Can Temple, which has only played one game so far, do anything to slow Mike Locksley & Co. down? The thing is, the Owls also need to worry about Maryland’s defense, which has had no issues getting to the quarterback. The Terps are second in the country right now with 12 sacks (Florida is No. 1 with 15)—through two games.
Temple was strong in its season opener, crushing Bucknell 56-12 in Rod Carey’s debut as head coach. QB Anthony Russo made some big throws and went 32-of-41 for 409 yards passing with four touchdowns and an interception. A veteran defense held the Bison to 211 total yards and 4-of-17 on third down.

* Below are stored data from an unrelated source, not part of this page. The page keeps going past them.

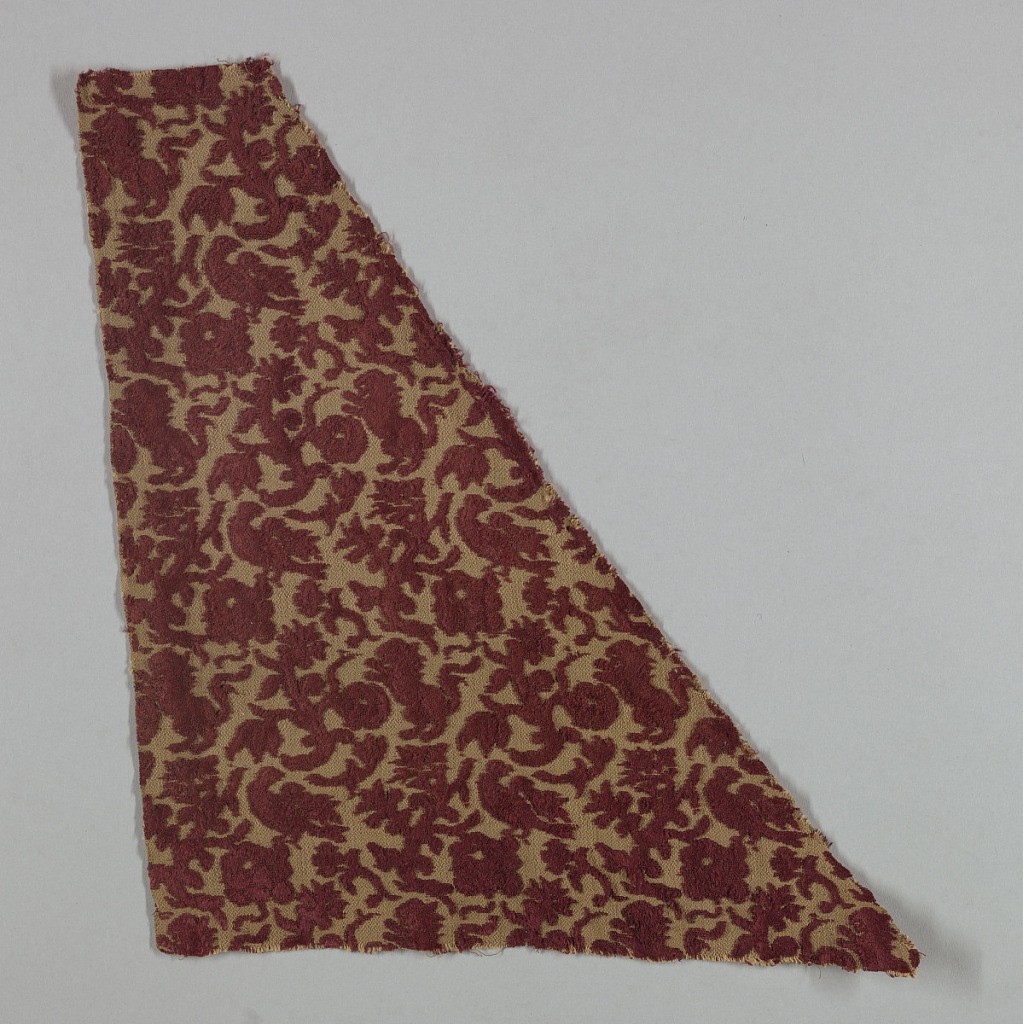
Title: Fragments
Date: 19th century
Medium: silk, metallic thread Technique: supplementary warp pile (velvet), cut and voided
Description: Probably 19th century reproduction velvet with a pattern of small floral branches, lions rampant and eagles. Four pieces joined.

Last year, the Terps also started off 2-0 and were then promptly upset by Temple, 35-14, in Week 3. Maryland should be able to avenge that loss this week, but this is still a sneaky matchup. The Owls were off last week and have had extra time to prepare. Expect them to make things interesting by making big plays and keeping up with the pace. But the Terps will eventually put this thing away in the fourth quarter. — Laken Litman
No. 5 Oklahoma (-23.5) at UCLA
Even in Los Angeles, slating Oklahoma as slightly over a three-touchdown favorite over UCLA feels a touch disrespectful. The Sooners haven't missed a step transitioning from Kyler Murray to Jalen Hurts, and the Bruins are only in year two of their rebuild under Chip Kelly. An all-out embarrassment feels more likely than an upset.

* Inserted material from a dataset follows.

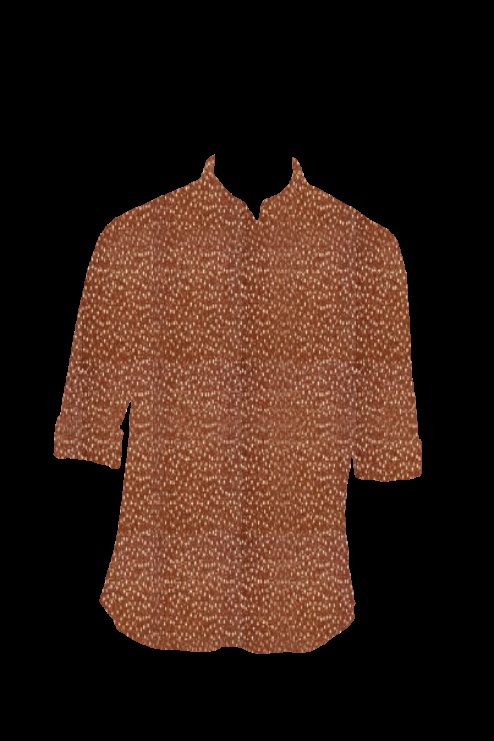
brown leopard print button up tee

Oklahoma's offense is perfectly in sync through two contests. Hurts has completed 82.9% of passes for 591 yards and six touchdowns, additionally leading the Sooners in rushing. Trey Sermon may be the Big 12's best back. CeeDee Lamb could shine every Sunday in 2020. Do we have any evidence UCLA can slow this high-octane attack after finishing No. 104 in points allowed last season? College defenses couldn't stop Kelly at Oregon nearly a decade ago. Lincoln Riley has assumed the mantle of college football's best offensive mind, and Oklahoma should continue to rack up the points away from home on Saturday. — Michael Shapiro
Kansas at Boston College (-20.5)
Let’s face it, if you have been betting against Kansas, especially in the past couple of years, chances are you have made a profit quite often. The Jayhawks might be the worst team in the entire country, but here is something to consider: Kansas is 4-0 against the spread in its last four games following a loss. That is the good news. Now for the reality: How are the Jayhawks going to stop Boston College running back AJ Dillon or the rest of the Eagles offense? Better yet, how are they going to generate offense themselves? Kansas has scored a grand total of 31 points in its two games… against Indiana State and Coastal Carolina. This Friday night special has rout written all over it, so take Boston College just for the sake of another gambling win. — Scooby Axson
Air Force at Colorado: Air Force +2.5 first half
This opening line immediately jumped out to me because it was just Colorado as a 1.5-point home favorite over Air Force. It’s gone up since then, but it’s interesting to see how oddsmakers view the Buffaloes. Even though I was impressed with the comeback win over Nebraska, I’m still not sold on Colorado, particularly its defense.
Despite bringing in former Georgia and Alabama defensive coordinator Mel Tucker to be its head coach this offseason, Colorado has allowed 6.49 yards per play in its first two games, which ranks 114th in the country.
I’m particularly concerned about Colorado’s inability to stop rushing attempts near or behind the line of scrimmage. At first glance, you see Colorado has only allowed 4.03 yards per carry, which ranks 83rd. But the Buffaloes are tied for ninth in the country in sacks, and negative yardage on sacks impacts rushing numbers, which skews the YPC here.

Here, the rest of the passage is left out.